▸ Data shown:

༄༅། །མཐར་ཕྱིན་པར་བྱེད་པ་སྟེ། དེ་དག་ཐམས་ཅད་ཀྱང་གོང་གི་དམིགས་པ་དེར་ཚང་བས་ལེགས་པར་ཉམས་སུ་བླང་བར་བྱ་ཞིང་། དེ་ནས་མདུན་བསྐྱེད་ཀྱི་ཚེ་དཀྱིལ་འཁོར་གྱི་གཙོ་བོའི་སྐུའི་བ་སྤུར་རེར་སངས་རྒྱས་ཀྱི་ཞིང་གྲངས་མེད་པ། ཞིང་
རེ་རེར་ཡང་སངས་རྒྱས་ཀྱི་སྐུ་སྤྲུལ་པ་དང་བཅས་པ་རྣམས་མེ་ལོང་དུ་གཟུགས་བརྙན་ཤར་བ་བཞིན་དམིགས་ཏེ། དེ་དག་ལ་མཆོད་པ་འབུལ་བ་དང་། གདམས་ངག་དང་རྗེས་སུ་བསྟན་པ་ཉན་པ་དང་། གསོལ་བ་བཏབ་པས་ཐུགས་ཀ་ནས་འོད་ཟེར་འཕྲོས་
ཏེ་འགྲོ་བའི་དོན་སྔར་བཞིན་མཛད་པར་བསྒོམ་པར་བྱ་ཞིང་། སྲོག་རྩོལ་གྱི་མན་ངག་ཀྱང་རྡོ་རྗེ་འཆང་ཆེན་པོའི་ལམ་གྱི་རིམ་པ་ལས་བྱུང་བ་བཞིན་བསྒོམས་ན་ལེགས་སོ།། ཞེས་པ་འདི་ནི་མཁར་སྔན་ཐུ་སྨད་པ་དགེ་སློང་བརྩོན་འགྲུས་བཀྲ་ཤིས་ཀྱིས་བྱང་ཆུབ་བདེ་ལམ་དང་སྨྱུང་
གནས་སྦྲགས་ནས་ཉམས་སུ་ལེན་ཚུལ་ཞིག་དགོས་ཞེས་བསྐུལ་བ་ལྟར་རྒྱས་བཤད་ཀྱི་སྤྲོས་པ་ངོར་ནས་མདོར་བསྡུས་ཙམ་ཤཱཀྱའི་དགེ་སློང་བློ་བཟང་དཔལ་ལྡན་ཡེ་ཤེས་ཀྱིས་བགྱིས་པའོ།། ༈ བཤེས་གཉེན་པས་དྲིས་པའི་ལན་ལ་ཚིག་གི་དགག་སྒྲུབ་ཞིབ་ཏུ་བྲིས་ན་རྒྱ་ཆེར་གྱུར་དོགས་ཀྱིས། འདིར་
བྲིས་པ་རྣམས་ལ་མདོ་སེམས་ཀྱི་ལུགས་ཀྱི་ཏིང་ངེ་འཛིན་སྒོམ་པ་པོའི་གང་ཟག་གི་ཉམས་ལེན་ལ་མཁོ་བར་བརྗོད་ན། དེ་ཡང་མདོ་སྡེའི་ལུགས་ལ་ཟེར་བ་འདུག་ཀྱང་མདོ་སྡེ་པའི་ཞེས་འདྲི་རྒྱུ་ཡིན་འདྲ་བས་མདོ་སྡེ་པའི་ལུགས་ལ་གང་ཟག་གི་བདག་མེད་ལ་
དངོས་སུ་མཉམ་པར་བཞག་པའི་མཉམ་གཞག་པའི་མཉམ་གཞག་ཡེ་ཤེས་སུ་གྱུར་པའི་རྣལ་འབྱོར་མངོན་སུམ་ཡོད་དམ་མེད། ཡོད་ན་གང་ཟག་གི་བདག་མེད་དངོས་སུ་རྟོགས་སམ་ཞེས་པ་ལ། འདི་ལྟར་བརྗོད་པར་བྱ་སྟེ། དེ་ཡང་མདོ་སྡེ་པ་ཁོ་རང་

▸ How to complete this task: Give back the data above word for word.

▸ Task response:
༄༅། །མཐར་ཕྱིན་པར་བྱེད་པ་སྟེ། དེ་དག་ཐམས་ཅད་ཀྱང་གོང་གི་དམིགས་པ་དེར་ཚང་བས་ལེགས་པར་ཉམས་སུ་བླང་བར་བྱ་ཞིང་། དེ་ནས་མདུན་བསྐྱེད་ཀྱི་ཚེ་དཀྱིལ་འཁོར་གྱི་གཙོ་བོའི་སྐུའི་བ་སྤུར་རེར་སངས་རྒྱས་ཀྱི་ཞིང་གྲངས་མེད་པ། ཞིང་
རེ་རེར་ཡང་སངས་རྒྱས་ཀྱི་སྐུ་སྤྲུལ་པ་དང་བཅས་པ་རྣམས་མེ་ལོང་དུ་གཟུགས་བརྙན་ཤར་བ་བཞིན་དམིགས་ཏེ། དེ་དག་ལ་མཆོད་པ་འབུལ་བ་དང་། གདམས་ངག་དང་རྗེས་སུ་བསྟན་པ་ཉན་པ་དང་། གསོལ་བ་བཏབ་པས་ཐུགས་ཀ་ནས་འོད་ཟེར་འཕྲོས་
ཏེ་འགྲོ་བའི་དོན་སྔར་བཞིན་མཛད་པར་བསྒོམ་པར་བྱ་ཞིང་། སྲོག་རྩོལ་གྱི་མན་ངག་ཀྱང་རྡོ་རྗེ་འཆང་ཆེན་པོའི་ལམ་གྱི་རིམ་པ་ལས་བྱུང་བ་བཞིན་བསྒོམས་ན་ལེགས་སོ།། ཞེས་པ་འདི་ནི་མཁར་སྔན་ཐུ་སྨད་པ་དགེ་སློང་བརྩོན་འགྲུས་བཀྲ་ཤིས་ཀྱིས་བྱང་ཆུབ་བདེ་ལམ་དང་སྨྱུང་
གནས་སྦྲགས་ནས་ཉམས་སུ་ལེན་ཚུལ་ཞིག་དགོས་ཞེས་བསྐུལ་བ་ལྟར་རྒྱས་བཤད་ཀྱི་སྤྲོས་པ་ངོར་ནས་མདོར་བསྡུས་ཙམ་ཤཱཀྱའི་དགེ་སློང་བློ་བཟང་དཔལ་ལྡན་ཡེ་ཤེས་ཀྱིས་བགྱིས་པའོ།། ༈ བཤེས་གཉེན་པས་དྲིས་པའི་ལན་ལ་ཚིག་གི་དགག་སྒྲུབ་ཞིབ་ཏུ་བྲིས་ན་རྒྱ་ཆེར་གྱུར་དོགས་ཀྱིས། འདིར་
བྲིས་པ་རྣམས་ལ་མདོ་སེམས་ཀྱི་ལུགས་ཀྱི་ཏིང་ངེ་འཛིན་སྒོམ་པ་པོའི་གང་ཟག་གི་ཉམས་ལེན་ལ་མཁོ་བར་བརྗོད་ན། དེ་ཡང་མདོ་སྡེའི་ལུགས་ལ་ཟེར་བ་འདུག་ཀྱང་མདོ་སྡེ་པའི་ཞེས་འདྲི་རྒྱུ་ཡིན་འདྲ་བས་མདོ་སྡེ་པའི་ལུགས་ལ་གང་ཟག་གི་བདག་མེད་ལ་
དངོས་སུ་མཉམ་པར་བཞག་པའི་མཉམ་གཞག་པའི་མཉམ་གཞག་ཡེ་ཤེས་སུ་གྱུར་པའི་རྣལ་འབྱོར་མངོན་སུམ་ཡོད་དམ་མེད། ཡོད་ན་གང་ཟག་གི་བདག་མེད་དངོས་སུ་རྟོགས་སམ་ཞེས་པ་ལ། འདི་ལྟར་བརྗོད་པར་བྱ་སྟེ། དེ་ཡང་མདོ་སྡེ་པ་ཁོ་རང་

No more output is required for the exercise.